Search the records below for "letters" and copy every line it turns up in.

§ Data supplied
⟨

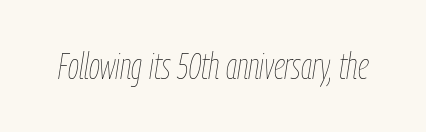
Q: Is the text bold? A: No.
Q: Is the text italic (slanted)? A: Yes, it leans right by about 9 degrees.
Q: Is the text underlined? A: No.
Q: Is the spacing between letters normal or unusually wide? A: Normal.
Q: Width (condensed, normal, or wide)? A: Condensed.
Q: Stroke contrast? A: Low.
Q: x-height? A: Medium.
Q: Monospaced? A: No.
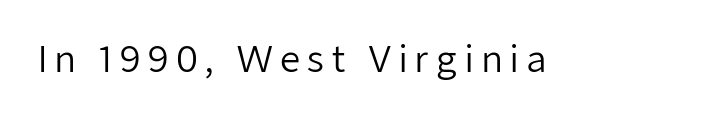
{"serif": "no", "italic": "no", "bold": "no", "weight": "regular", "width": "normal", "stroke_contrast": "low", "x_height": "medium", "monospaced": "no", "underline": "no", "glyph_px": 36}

⟩
⟨

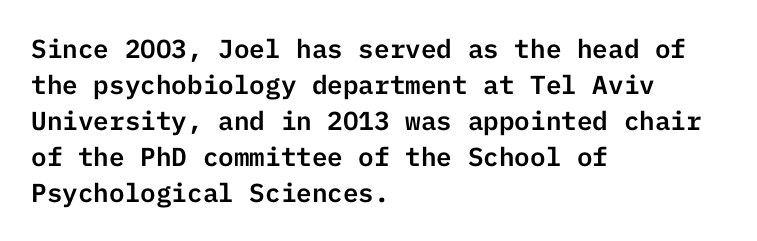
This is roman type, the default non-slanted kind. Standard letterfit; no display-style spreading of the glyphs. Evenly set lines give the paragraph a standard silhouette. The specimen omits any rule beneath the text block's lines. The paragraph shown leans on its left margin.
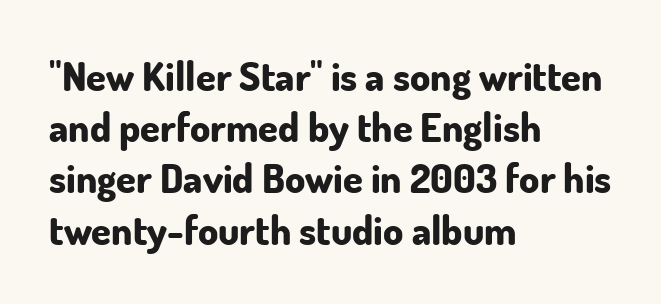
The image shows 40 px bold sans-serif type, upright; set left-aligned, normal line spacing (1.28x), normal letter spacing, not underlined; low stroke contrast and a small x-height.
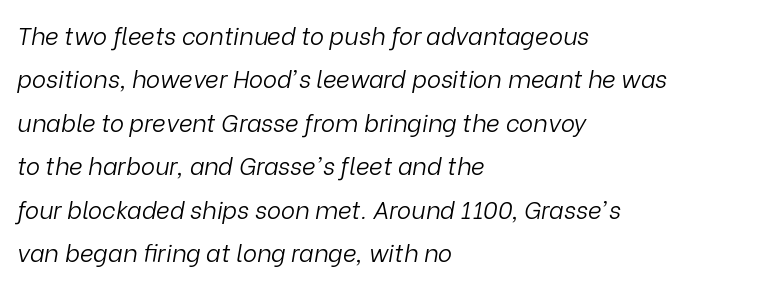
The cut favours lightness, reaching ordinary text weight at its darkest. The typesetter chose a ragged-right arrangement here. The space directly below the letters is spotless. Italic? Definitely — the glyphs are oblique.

⟩

§ Completed task
Q: Is the spacing between letters normal or unusually wide? A: Normal.
The cut favours lightness, reaching ordinary text weight at its darkest. The typesetter chose a ragged-right arrangement here. The space directly below the letters is spotless. Italic? Definitely — the glyphs are oblique.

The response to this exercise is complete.